Percy config file options

In addition to common Percy config file options, this SDK also adds the following Storybook specific options:

# .percy.yml
version: 2
storybook:
  args: {}
  globals: {}
  queryParams: {}
  waitForTimeout: 0
  waitForSelector: ''
  additionalSnapshots: []
  include: []
  exclude: []

See the configuration options above for details about each accepted config file option (note: the skip and name parameters are not accepted as Percy config file options).

Upgrading

Prior versions of the Storybook SDK were drastically different than the current version. The command, it's arguments, and how the SDK works internally have changed completely. Using the old command with new versions will now result in an error message. The new command is now integrated into @percy/cli as a plugin.

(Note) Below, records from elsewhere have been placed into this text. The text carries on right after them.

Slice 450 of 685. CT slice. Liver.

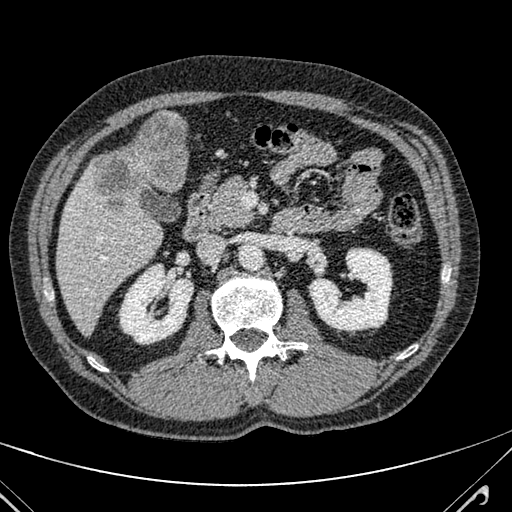
The liver lesion is located at (x1=92, y1=112, x2=186, y2=210). The liver is located at (x1=58, y1=157, x2=161, y2=333).
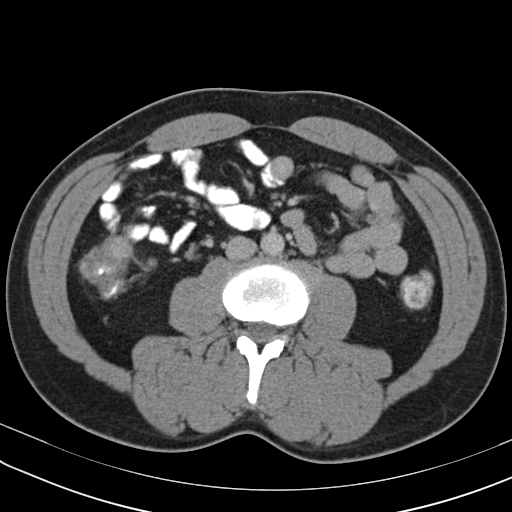

512x512 px; CT slice; Abdomen

colon tumor: x1=81 y1=236 x2=131 y2=290
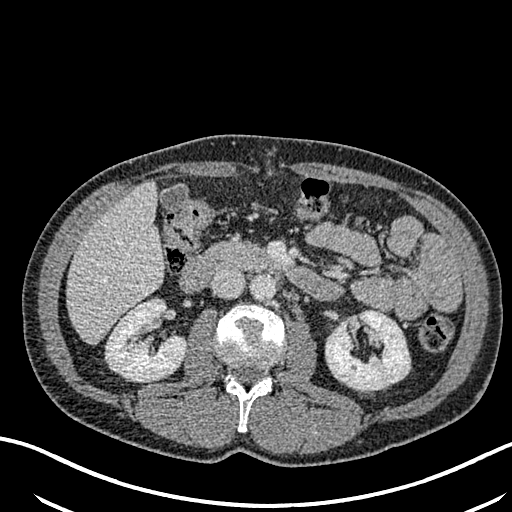

CT scan slice | Abdomen | 512x512 px

<segmentation>
  <kidney>106, 300, 185, 381; 326, 311, 409, 389</kidney>
  <liver>67, 181, 163, 342</liver>
</segmentation>
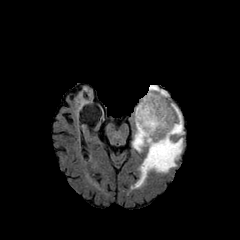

To use new versions of this SDK, you will have to also install the CLI with the SDK:

$ npm install --save-dev @percy/cli @percy/storybook

Since both the command and arguments have changed, you'll need to replace your existing usage with the new usage described above. For some projects, this may require setting additional configuration options. See the list of breaking changes below for details.

Breaking changes

Most importantly, the command itself has changed and all previous arguments are no longer accepted.

Performance

The old SDK did not take DOM snapshots or perform asset discovery, as all other modern Percy SDKs do. This sometimes resulted in flakey snapshots or snapshots with missing assets. However, DOM snapshots and asset discovery add an overhead cost of performance. Where the old SDK was very quick to simply upload the local build directory, the new SDK can be a little slower while it is capturing the real DOM and relevant assets of each story.

Unexpected diffs

Because the old SDK did not take DOM snapshots, JavaScript had to be enabled in our rendering environment for Storybook to properly load. This is in contrast to all of our other SDKs, where JavaScript is disabled by default to prevent flakey diffs caused by animations or other JavaScript running on the page. With the new SDK and real DOM snapshots, JS is disabled by default. If you upgrade and experience diffs due to the lack of JavaScript, it can be re-enabled using the matching Percy config file or per-snapshot option, enableJavaScript.